To sum up, we have learned that R users organize their work around RStudio projects. We have learned how to create RStudio projects. And we have learned that creating an RStudio project results in a new working directory (i.e., a new folder) that we locate in the r_projects folders.

The new working directory must have a certain structure. I recommend to create three sub-folders:

  1. r_projects/pol601/data, where you store the data of interest.

  2. r_projects/pol601/scripts, where you store the text files with the code that loads, wrangles, tidies, models, or visualizes the data.
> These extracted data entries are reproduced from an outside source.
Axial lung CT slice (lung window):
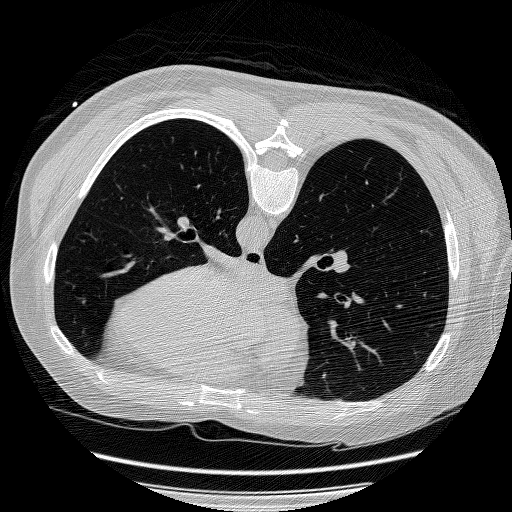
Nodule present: no
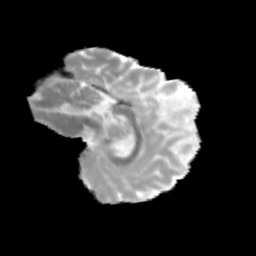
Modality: MD
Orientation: sagittal
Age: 12
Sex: female
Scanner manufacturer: siemens
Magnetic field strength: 3 T
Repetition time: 3.8 s
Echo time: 0.07 s
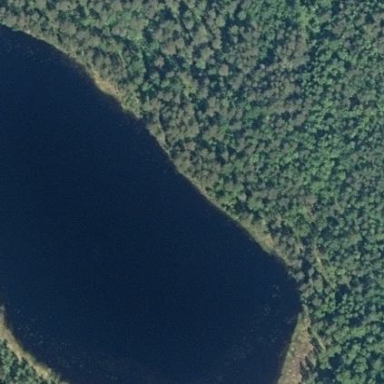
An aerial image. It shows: Lake with natural water.
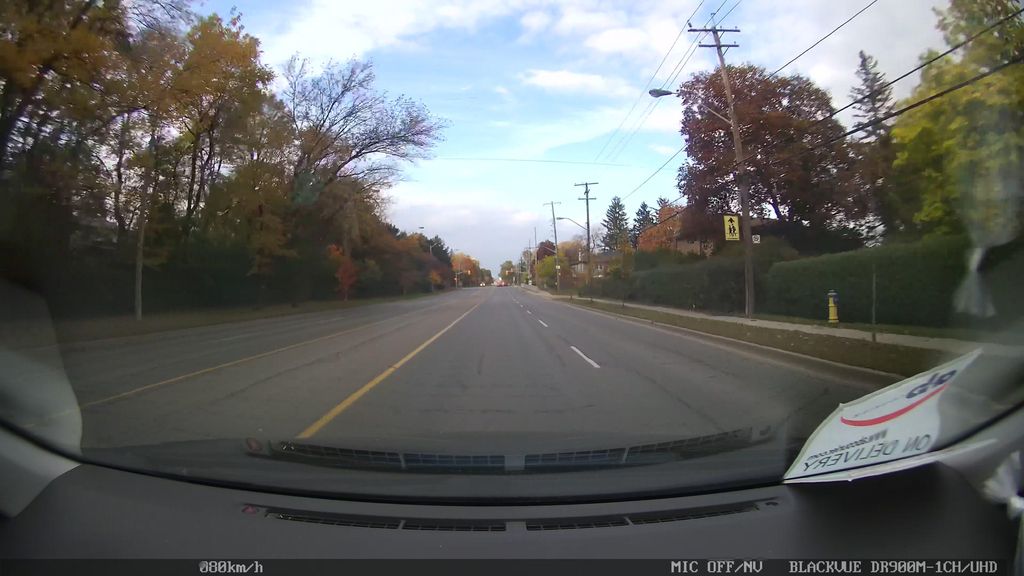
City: toronto
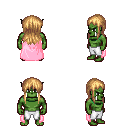
a pixel art fantasy rpg character, male body template, orc, green skin, pink cape, white pants, light blonde unkempt hairstyle, four views (front, back, left, right), 2x2 character sprite sheet, small pixel art, hard edges, no anti-aliasing
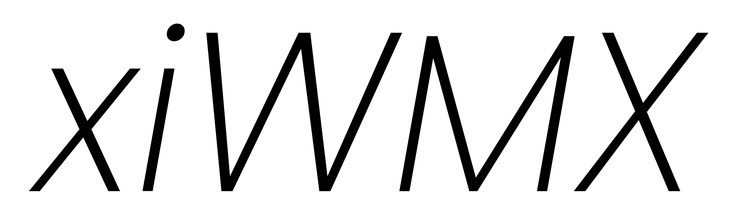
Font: Poppins-ExtraLightItalic
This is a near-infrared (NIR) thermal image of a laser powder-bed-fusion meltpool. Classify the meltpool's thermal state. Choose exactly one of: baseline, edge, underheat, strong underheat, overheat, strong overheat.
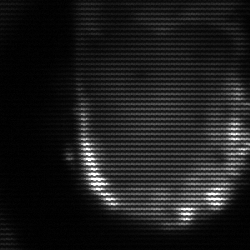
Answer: baseline
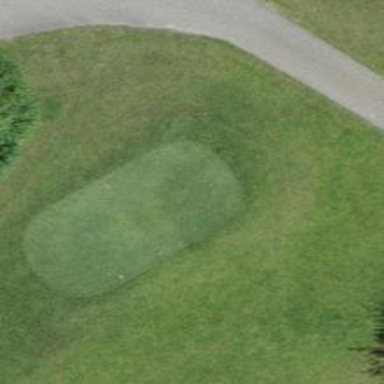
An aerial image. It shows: Golf tee.
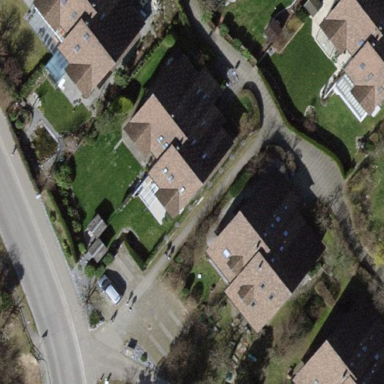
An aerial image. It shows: Terrace building.
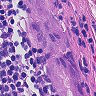
Metastatic tissue present: yes

  3. r_projects/pol601/output, where you store wrangled data, model output (modeling data might be time-consuming, so you do not want to re-run models), or visualizations.

If you create a Quarto document (I have a post about it), I suggest keeping it right in the working directory, not in sub-folders.

I shared a model working directory through GitHub. It looks like this:

A model working directory

It is sensible to avoid deleting files. You never know if that trashy script will be useful in the future. Instead, you can create an old folder at any folder and place the old stuff there.

GitHub integration

Often, you want your R projects to be GitHub repositories.

GitHub is a version control tool. Moreover, GitHub is a platform to share code with instructors, co-authors, and colleagues.

To keep all your GitHub repositories together, you must create a folder locally on your computer, github_projects

Of course, the first step is to create a GitHub account. The second step is to download GitHub Desktop.1

  • 1 I suggest that you get used to running GitHub commands from the Terminal in RStudio. Using the Terminal approximates better the real-world jobs in the data science industry.

  • Intro to GitHub

    You need a solid introduction to Git and GitHub. My recommended resources, here and here.

    The steps go as follows:

    1. Log in to the GitHub website.

    2. Click on your profile picture (upper right corner).

    3. Click on Your repositories.

    4. Click on New (green bottom) to create a new repository.

    5. Choose an appropriate name (say, pol601) and make sure that the repository is private.

    6. Click on Create repository, which will lead you to the main page of the new repository.

    7. Click on Code (green bottom).

    8. Click on Local.

    9. Click on Open with GitHub Desktop, which will lead you to GitHub Desktop.

    10. In GitHub Desktop, click on Browse and make sure that the repository will be located in the github_projects folder.

    Having reached this point, the repository should exist locally on your computer and, more specifically, in the github_projects folder.

    Now it is time to populate github_projects/pol601.

    1. Open RStudio.

    2. Click on File > New Project, which will open a new window.

    3. Select Existing Directory (instead of New Directory, as we did it in the previous section).

    4. Click on Browse and make sure to choose the github_projects/pol601 folder.

    5. Click on Create Project.

    Thus, you will have created a new folder in github_projects that is both an RStudio project and a GitHub repository.

    You are all set to program great things and exploit the benefits of version control!